Description of the task: Once the images are set aside, write out the rest of the records exactly.
** Opening Records to process block **
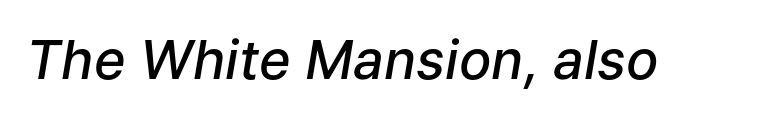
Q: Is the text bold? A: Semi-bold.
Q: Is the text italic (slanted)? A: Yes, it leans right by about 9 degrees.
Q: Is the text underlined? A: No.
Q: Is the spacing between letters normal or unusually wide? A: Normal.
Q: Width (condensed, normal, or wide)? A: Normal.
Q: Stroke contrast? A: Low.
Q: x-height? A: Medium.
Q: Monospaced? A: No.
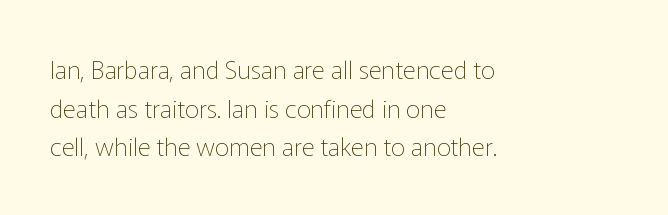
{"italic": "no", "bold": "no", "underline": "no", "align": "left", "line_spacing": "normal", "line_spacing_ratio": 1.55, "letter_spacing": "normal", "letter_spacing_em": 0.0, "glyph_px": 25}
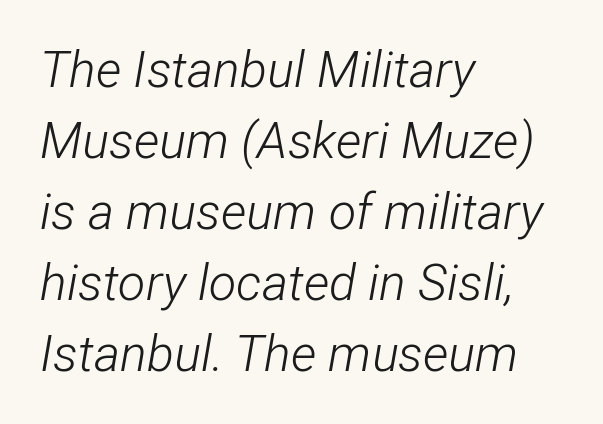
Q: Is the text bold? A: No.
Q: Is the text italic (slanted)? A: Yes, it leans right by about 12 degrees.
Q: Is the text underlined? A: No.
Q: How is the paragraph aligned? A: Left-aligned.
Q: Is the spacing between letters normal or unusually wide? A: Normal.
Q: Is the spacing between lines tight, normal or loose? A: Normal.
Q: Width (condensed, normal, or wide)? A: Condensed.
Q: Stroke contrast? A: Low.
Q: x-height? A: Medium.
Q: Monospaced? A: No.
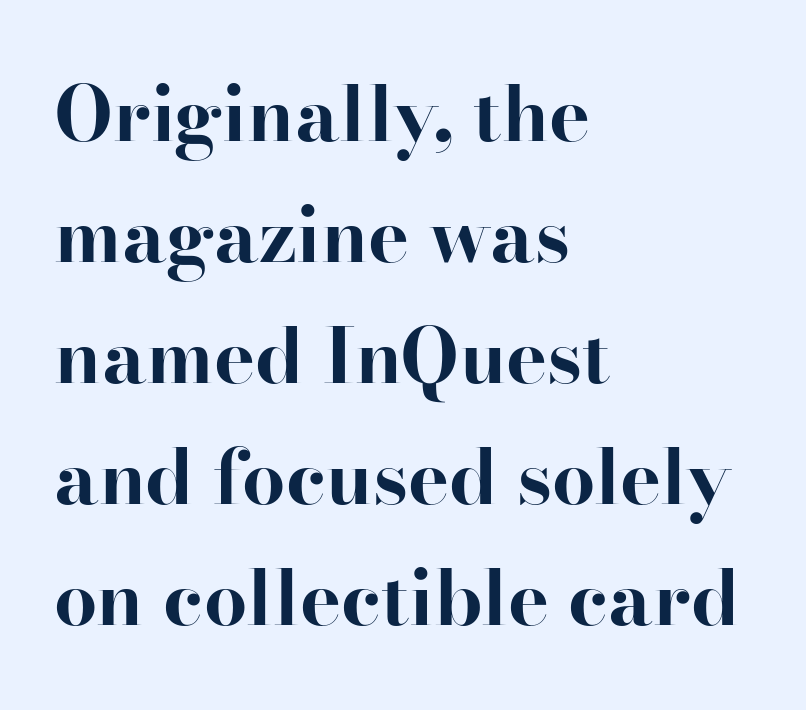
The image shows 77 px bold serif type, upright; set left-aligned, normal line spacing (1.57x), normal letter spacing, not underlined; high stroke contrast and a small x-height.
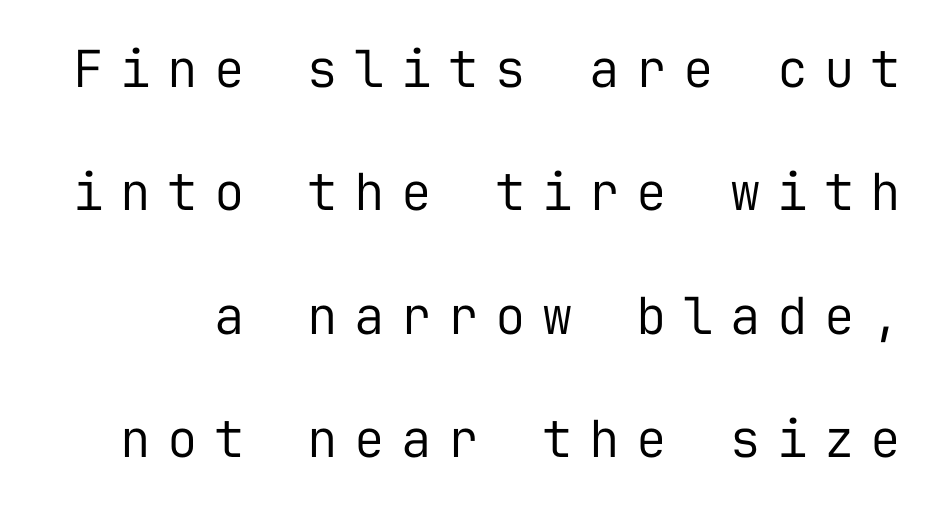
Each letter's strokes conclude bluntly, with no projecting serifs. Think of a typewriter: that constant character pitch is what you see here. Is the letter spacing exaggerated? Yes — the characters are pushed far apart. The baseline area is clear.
** Closing Records to process block **
Written response:
Q: Is the text bold? A: Semi-bold.
Q: Is the text italic (slanted)? A: Yes, it leans right by about 9 degrees.
Q: Is the text underlined? A: No.
Q: Is the spacing between letters normal or unusually wide? A: Normal.
Q: Width (condensed, normal, or wide)? A: Normal.
Q: Stroke contrast? A: Low.
Q: x-height? A: Medium.
Q: Monospaced? A: No.
{"italic": "no", "bold": "no", "underline": "no", "align": "left", "line_spacing": "normal", "line_spacing_ratio": 1.55, "letter_spacing": "normal", "letter_spacing_em": 0.0, "glyph_px": 25}
Q: Is the text bold? A: No.
Q: Is the text italic (slanted)? A: Yes, it leans right by about 12 degrees.
Q: Is the text underlined? A: No.
Q: How is the paragraph aligned? A: Left-aligned.
Q: Is the spacing between letters normal or unusually wide? A: Normal.
Q: Is the spacing between lines tight, normal or loose? A: Normal.
Q: Width (condensed, normal, or wide)? A: Condensed.
Q: Stroke contrast? A: Low.
Q: x-height? A: Medium.
Q: Monospaced? A: No.
The image shows 77 px bold serif type, upright; set left-aligned, normal line spacing (1.57x), normal letter spacing, not underlined; high stroke contrast and a small x-height.
Each letter's strokes conclude bluntly, with no projecting serifs. Think of a typewriter: that constant character pitch is what you see here. Is the letter spacing exaggerated? Yes — the characters are pushed far apart. The baseline area is clear.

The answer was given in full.